WORK ITEM - Without including any pictures, reproduce all the lines below word for word.
§
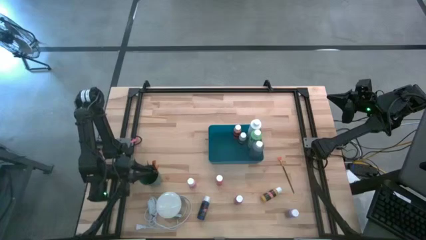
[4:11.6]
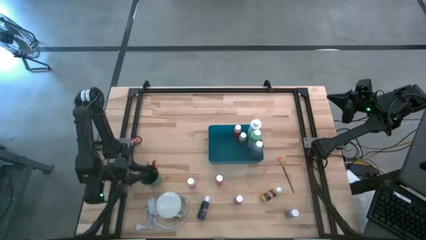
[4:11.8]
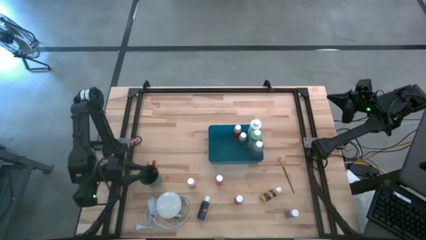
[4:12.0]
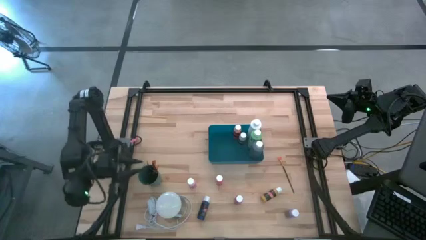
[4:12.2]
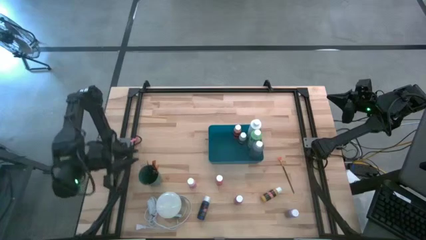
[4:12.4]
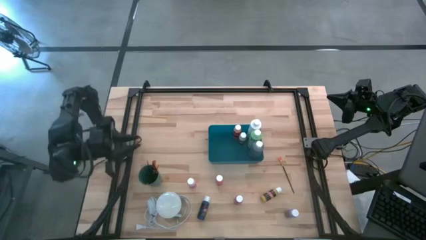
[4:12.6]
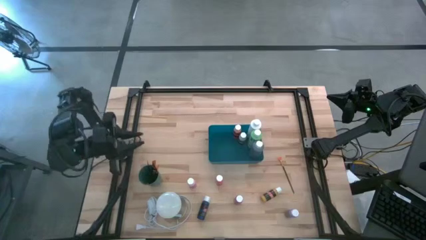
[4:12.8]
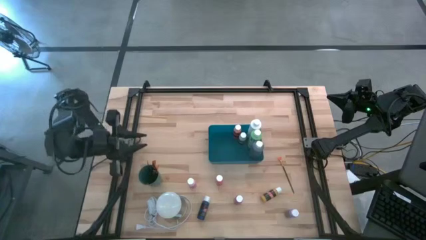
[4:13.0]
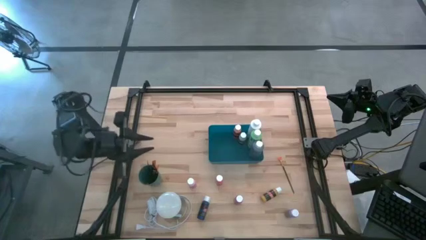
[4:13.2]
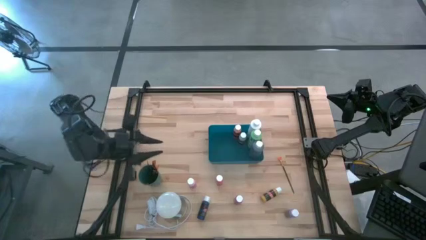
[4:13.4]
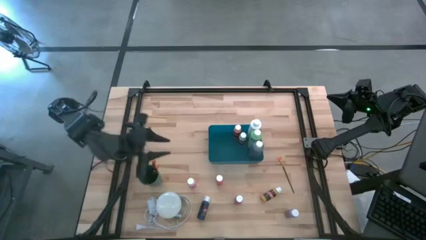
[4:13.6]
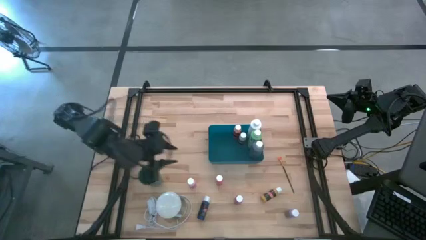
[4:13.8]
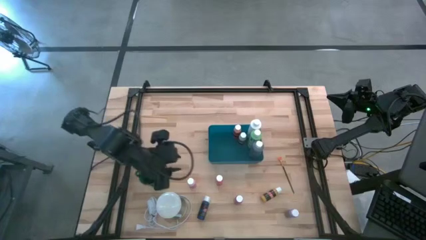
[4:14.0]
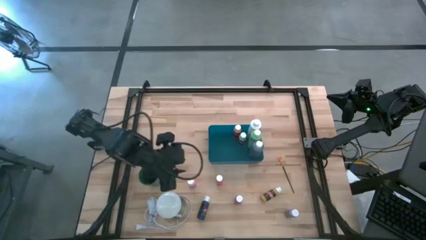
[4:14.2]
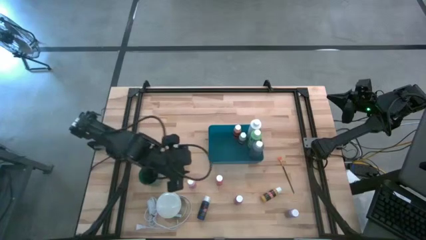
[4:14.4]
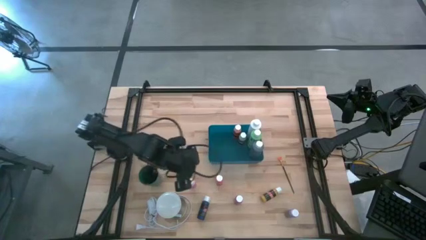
§
SOLUTION TO THIS TASK -
[4:11.6]
[4:11.8]
[4:12.0]
[4:12.2]
[4:12.4]
[4:12.6]
[4:12.8]
[4:13.0]
[4:13.2]
[4:13.4]
[4:13.6]
[4:13.8]
[4:14.0]
[4:14.2]
[4:14.4]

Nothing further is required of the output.